2. Suça konu uyuşturucu maddenin sanığın aracında ele geçirilmesinden sonra, diğer sanıkların aleyhinde yeterli delil bulunmadığı aşamada suç ortaklarının suçunun ortaya çıkmasına hizmet ve yardım eden sanık hakkında 5237 sayılı Kanun'un 192 nci maddesinin üçüncü fıkrası uyarınca etkin pişmanlık hükümlerinin uygulanmaması suretiyle fazla ceza tayini, nedenleriyle hukuka aykırı görülmüştür.
YARGITAY
10. CEZA DAİRESİ
Esas Numarası: 2022/11455
Karar Numarası: 2023/858
Karar Tarihi: 08.02.2023
2. Suç işlemek amacıyla kurulmuş bir örgüte üye olma; sanıklar ....,...,.. ve ... yönünden
3. Uyuşturucu madde ithal etme; tüm sanıklar yönünden
HÜKÜMLER : Mahkûmiyet
Sanıklar hakkında kurulan hükümlerin; karar tarihi itibarıyla 6723 sayılı Kanun’un 33 üncü maddesiyle değişik 5320 sayılı Kanun’un 8 inci maddesi gereği yürürlükte bulunan 1412 sayılı Ceza Muhakemeleri Usulü Kanunu’nun (1412 sayılı Kanun) 305 inci maddesi gereği temyiz edilebilir olduğu, karar tarihinde yürürlükte bulunan 5271 sayılı Ceza Muhakemesi Kanunu’nun (5271 sayılı Kanun) 260 ıncı maddesinin birinci fıkrası gereği temyiz edenlerin, uyuşturucu madde ithal etme suçu yönünden re'sen de temyize tabi olan hükümleri temyize hak ve yetkilerinin bulunduğu, 1412 sayılı Kanun’un 310 uncu maddesi gereği temyiz isteklerinin süresinde olduğu, aynı Kanun’un 317 nci maddesi gereği temyiz isteklerinin reddini gerektirir bir durumun bulunmadığı yapılan ön inceleme neticesinde tespit edilmiştir.

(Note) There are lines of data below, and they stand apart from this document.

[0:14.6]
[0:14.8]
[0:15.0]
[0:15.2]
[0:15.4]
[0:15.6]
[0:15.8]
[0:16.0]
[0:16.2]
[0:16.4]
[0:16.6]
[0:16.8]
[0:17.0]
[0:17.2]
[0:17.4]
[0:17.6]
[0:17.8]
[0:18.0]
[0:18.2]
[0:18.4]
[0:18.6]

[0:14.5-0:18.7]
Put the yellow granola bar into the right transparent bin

Temyiz incelemesi, sanıklar ..., ..., ..., ... ve ... hakkında süresindeki istemler nedeniyle duruşmalı olarak, duruşmalı inceleme talebi bulunmayan sanıklar...,..., ve ... yönünden duruşmasız olarak yapılmakla, gereği düşünüldü.
I. HUKUKÎ SÜREÇ
A. Kocaeli Cumhuriyet Başsavcılığının, 21.09.2012 tarihli ve 2012/6000 Esas, 2012/16289 Soruşturma sayılı iddianamesi ile sanıklar ..., , ..., ve ...'ın 5237 sayılı Türk Ceza Kanunu’nun (5237 sayılı Kanun) 188 inci maddesinin üçüncü fıkrası uyarınca cezalandırılması istemiyle kamu davası açılmıştır.

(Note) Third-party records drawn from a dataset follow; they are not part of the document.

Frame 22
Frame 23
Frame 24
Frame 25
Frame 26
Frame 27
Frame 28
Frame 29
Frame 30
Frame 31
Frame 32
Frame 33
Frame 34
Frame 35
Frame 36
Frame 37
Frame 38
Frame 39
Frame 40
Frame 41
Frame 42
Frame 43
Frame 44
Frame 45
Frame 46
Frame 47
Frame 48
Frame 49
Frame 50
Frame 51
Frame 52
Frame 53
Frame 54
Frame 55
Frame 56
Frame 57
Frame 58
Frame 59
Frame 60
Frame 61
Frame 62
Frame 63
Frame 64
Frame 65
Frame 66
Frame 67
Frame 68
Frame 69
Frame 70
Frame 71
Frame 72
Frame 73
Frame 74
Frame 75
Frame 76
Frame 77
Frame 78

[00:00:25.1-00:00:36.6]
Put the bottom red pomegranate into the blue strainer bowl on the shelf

B. Kocaeli 3. Ağır Ceza Mahkemesinin 07.05.2013 tarihli ve 2012/87 Esas, 2013/132 Karar sayılı kararı ile sanık ...'in "uyuşturucu madde ticareti yapma" suçundan, 5237 sayılı Kanun’un 188 inci maddesinin üçüncü fıkrası, 62 nci maddesi, 52 nci maddesinin ikinci fıkrası, 53 üncü maddesinin birinci, ikinci fıkrası ile üçüncü fıkrasının ilk cümlesi uyarınca 7 yıl 6 ay hapis ve 4.000,00 TL adli para cezası ile cezalandırılmasına, hak yoksunluğuna ve sanıklar ..., ..., ve ...'ın beraatlerine karar verilmiştir.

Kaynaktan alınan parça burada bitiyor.